» Work order
With the pictures left out, please return exactly the line holding "Text: ખજાના" and each following line until the entries end.

--

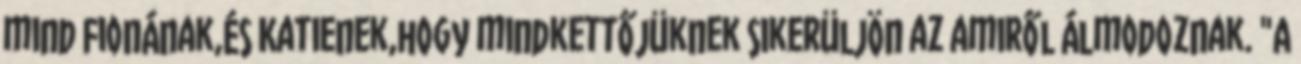
mind Fionának,és Katienek,hogy mindkettőjüknek sikerüljön az amiről álmodoznak. "A
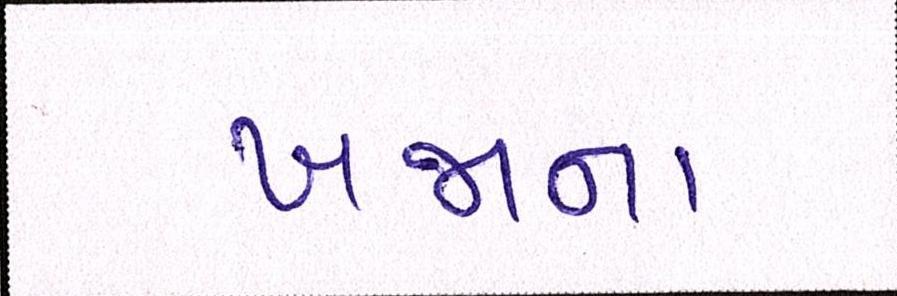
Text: ખજાના
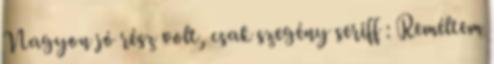
Nagyon jó rész volt, csak szegény seriff : Reméltem
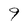
Character: 9
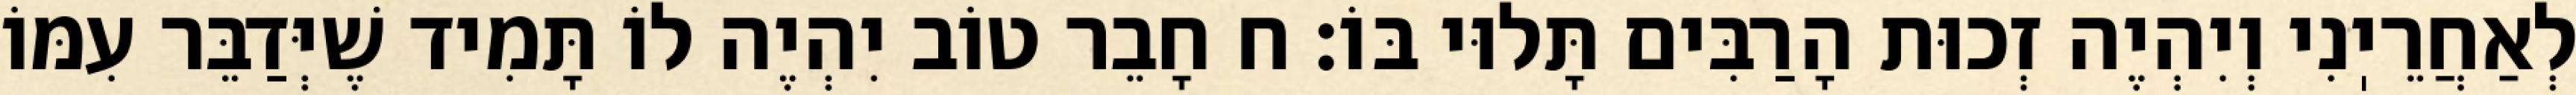
לְאַחֲרֵיֽנִי וְיִהְיֶה זְכוּת הָרַבִּים תָּלוּי בּוֹ: ח חָבֵר טוֹב יִהְיֶה לוֹ תָּמִיד שֶׁיְּדַבֵּר עִמּוֹ
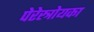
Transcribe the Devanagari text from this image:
पेरेस्त्रोयका
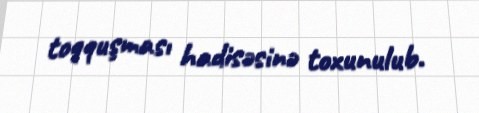
toqquşması hadisəsinə toxunulub.
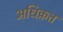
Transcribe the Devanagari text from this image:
अधिक्रत
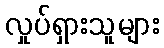
လှုပ်ရှားသူများ
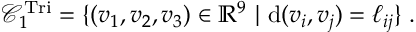
\mathcal { C } _ { 1 } ^ { \mathrm { T r i } } = \{ ( v _ { 1 } , v _ { 2 } , v _ { 3 } ) \in \mathbb { R } ^ { 9 } \ | \ \mathrm { d } ( v _ { i } , v _ { j } ) = \ell _ { i j } \} \; .
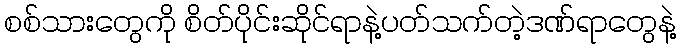
စစ်သားတွေကို စိတ်ပိုင်းဆိုင်ရာနဲ့ပတ်သက်တဲ့ဒဏ်ရာတွေနဲ့
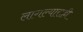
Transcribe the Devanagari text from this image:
लागल्यासही
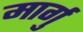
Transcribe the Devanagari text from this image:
मार्गु
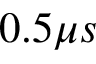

--

» Exercise response
Text: ખજાના
Nagyon jó rész volt, csak szegény seriff : Reméltem
Character: 9
לְאַחֲרֵיֽנִי וְיִהְיֶה זְכוּת הָרַבִּים תָּלוּי בּוֹ: ח חָבֵר טוֹב יִהְיֶה לוֹ תָּמִיד שֶׁיְּדַבֵּר עִמּוֹ
Transcribe the Devanagari text from this image:
पेरेस्त्रोयका
toqquşması hadisəsinə toxunulub.
Transcribe the Devanagari text from this image:
अधिक्रत
လှုပ်ရှားသူများ
\mathcal { C } _ { 1 } ^ { \mathrm { T r i } } = \{ ( v _ { 1 } , v _ { 2 } , v _ { 3 } ) \in \mathbb { R } ^ { 9 } \ | \ \mathrm { d } ( v _ { i } , v _ { j } ) = \ell _ { i j } \} \; .
စစ်သားတွေကို စိတ်ပိုင်းဆိုင်ရာနဲ့ပတ်သက်တဲ့ဒဏ်ရာတွေနဲ့
Transcribe the Devanagari text from this image:
लागल्यासही
Transcribe the Devanagari text from this image:
मार्गु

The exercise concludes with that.